There arise, however, the following problems inherent in the preceding inventions (1) and (2). To be specific, the point-to-point and point-to-multipoint connections in the preceding invention (1) are the permanent virtual connections. Therefore, these connections occupy the resources of the ATM network at all times regardless of a necessity or non-necessity for transmitting the packets.
This might cause a possibility in which an operational flexibility of the ATM network declines.
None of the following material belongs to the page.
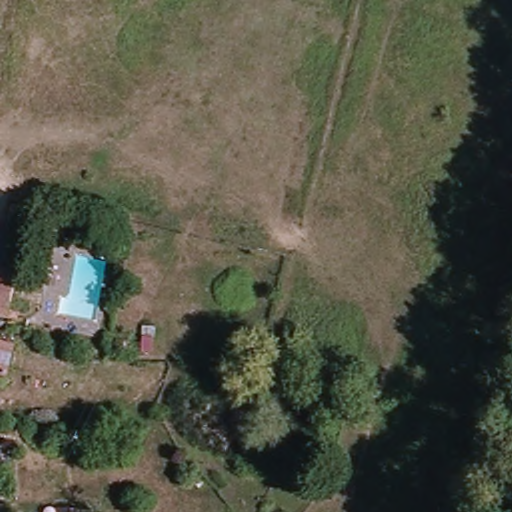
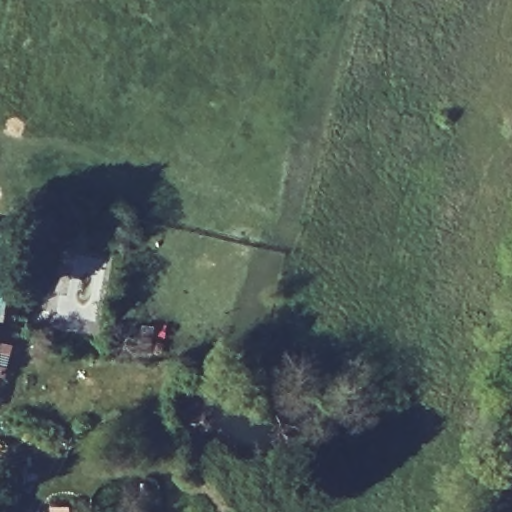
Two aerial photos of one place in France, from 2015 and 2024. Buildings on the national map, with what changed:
unchanged [(0,269),(0,232),(26,239),(19,274),(10,315),(0,313),(0,269)]
unchanged [(0,373),(0,342),(14,345),(8,375),(0,373)]

Further, according to the preceding invention (1), the bridges are connected through the PVCs. Hence, if a new LAN is connected to the ATM network, a maintenance person of the network must set the connections between a newly installed bridge and other bridges, which is laborious.
On the other hand, in the preceding invention (2), the point-to-point SVC is established in accordance with a necessity for transmitting the packets between the bridges. If a congestion occurs in the ATM network before the SVC is established, however, the resources can not be ensured, resulting in a possibility where the SVC might not be established. Namely, there might be a feasibility in which the packet transmission between the bridges can not be assured. Furthermore, in the preceding invention (2) also, the point-to-multipoint connection is set based on the PVC, and hence the maintenance becomes laborious as in the case of the preceding invention (1).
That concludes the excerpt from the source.